1. Ripple current value in control work
Aluminum electrolytic capacitors are used in pulsating circuits. The main factor causing power consumption and heating up is the ripple current (the ripple voltage for capacitors with smaller capacity). Generally, the failure rate and temperature curve provided are mostly in The measurement under ripple-free DC voltage only considers the leakage current, and the core temperature is almost the same as the ambient temperature. However, in practical applications, the heat generated by the ripple current can cause the core temperature to rise, reaching several tens of degrees Celsius at the highest. (The temperature rise of the core depends on the ambient temperature of the electrolytic capacitor and the control of the ripple current). Therefore, the high ripple current easily causes the electrolyte of the core to dry up and the capacitor fails early. At the same time, the long-term ripple current exceeds the specified value, which is also one of the factors that cause the capacitor explosion-proof valve to open.
2. Choose a capacitor with a smaller leakage current value
As a long-life electrolytic capacitor, in addition to the consideration of the above four additional factors, a capacitor of the same type with a particularly small leakage current must be selected in the selection. This shows that it has a higher quality oxide film and a suitable working electrolyte. Once the ambient temperature is high, the corresponding leakage current increases slowly. Otherwise, in the case of mutual influence, when the leakage current increases sharply, the internal temperature will rise, which in turn will cause the leakage current to rise again, and it will deteriorate until the thermal balance is lost and destroyed.
3. Lower the upper limit of the rated voltage
Lowering the upper limit of the rated voltage, that is, reducing the working field strength of the dielectric oxide film, will be applicable to electrolytic capacitors. After the load is reduced by half, the life of the capacitor can be increased by as much as 2 orders of magnitude.

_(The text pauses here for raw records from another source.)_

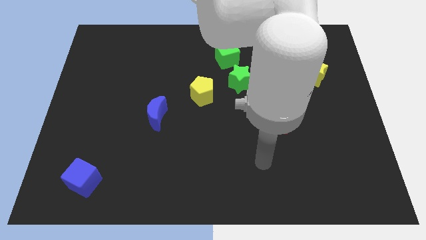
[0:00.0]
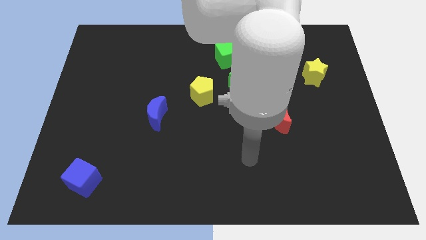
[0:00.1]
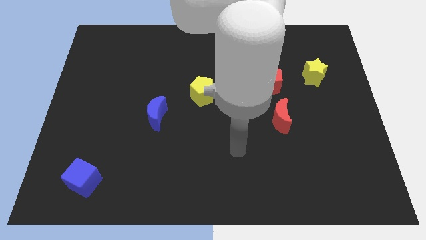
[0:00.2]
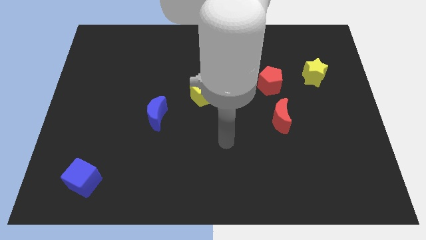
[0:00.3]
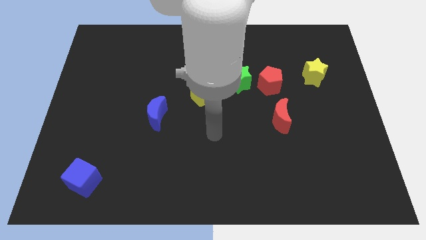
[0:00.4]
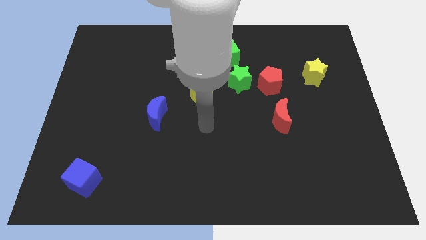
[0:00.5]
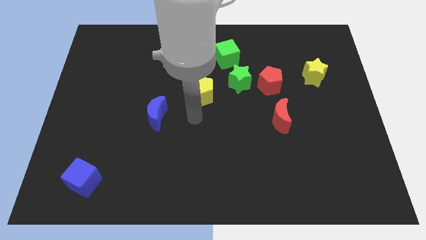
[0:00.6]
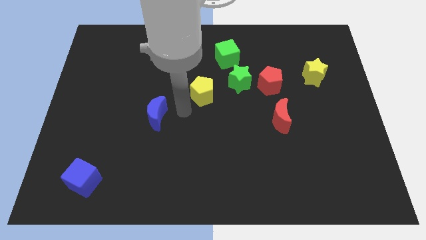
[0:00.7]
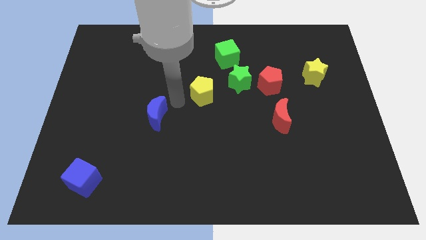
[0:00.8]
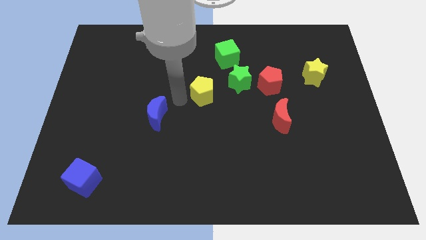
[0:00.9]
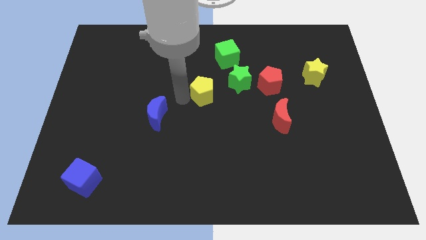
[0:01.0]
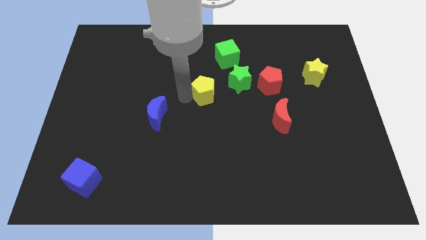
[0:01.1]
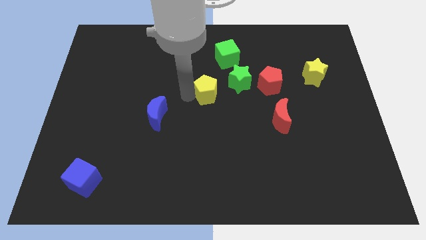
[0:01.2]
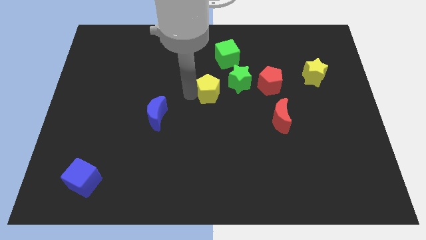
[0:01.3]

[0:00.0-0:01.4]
move the yellow pentagon below the green cube

In fact, if the aluminum oxide film is damaged or corroded, the repair of the oxide film can only be carried out under the highest working voltage, and it is difficult to restore the oxide film thickness under the original formed voltage value. Therefore, excessively reducing the working voltage will affect the aluminum electrolytic capacitor. It is not the most appropriate measure.

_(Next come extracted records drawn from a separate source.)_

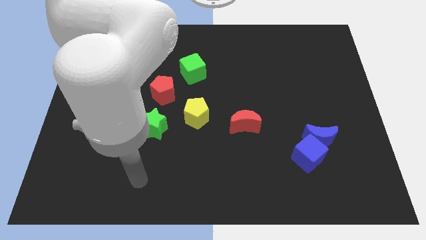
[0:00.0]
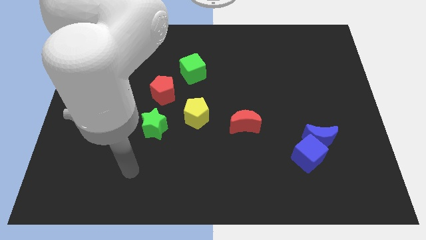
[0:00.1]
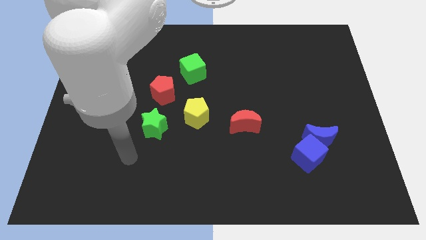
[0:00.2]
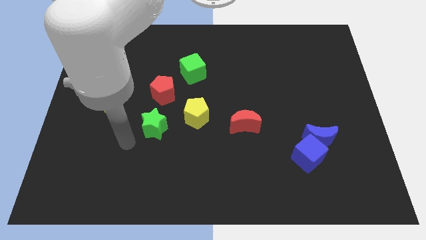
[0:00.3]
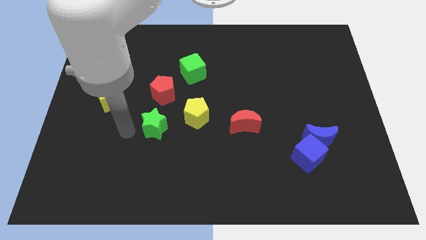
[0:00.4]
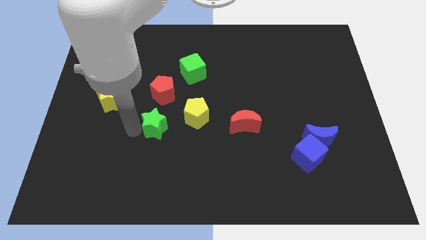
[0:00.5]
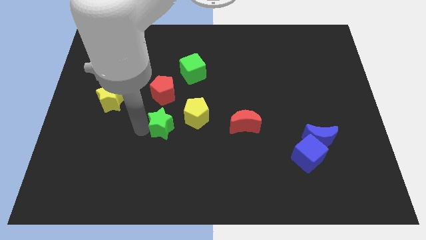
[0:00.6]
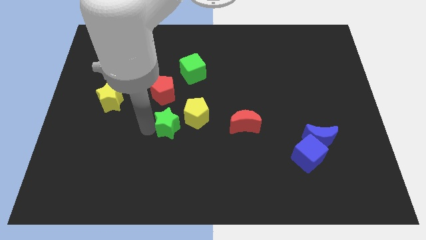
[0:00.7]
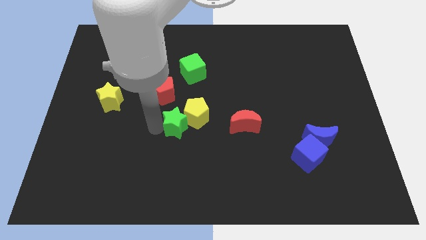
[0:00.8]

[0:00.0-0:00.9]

4. Lower the ambient temperature
Lower the ambient temperature so that the electrolytic capacitor does not work at the upper limit temperature. In addition, the heating effect of the capacitor itself must be considered. This is particularly important for liquid electrolyte products. If a high temperature is generated, the leakage current will increase sharply, the gas will increase, and the shell will be in a state of rapid increase in internal pressure; in addition, the high temperature can accelerate the drying of the electrolyte and relatively shorten the product life. Therefore, for electrolytic capacitors requiring long life, the operating temperature should be controlled below 50°C, so that the corresponding life can be increased by about 1 to 2 orders of magnitude. For example, a computer capacitor that can work for 20 years at 45°C can only work for 1 to 2 years at 85°C. If it needs to be applied to the upper limit temperature (85℃), the core temperature of the capacitor should not exceed 95℃, and it depends on the nature of the selected working electrolyte. This high temperature effect is not as serious for solid tantalum capacitors as aluminum electrolytic capacitors, but it is certainly harmful.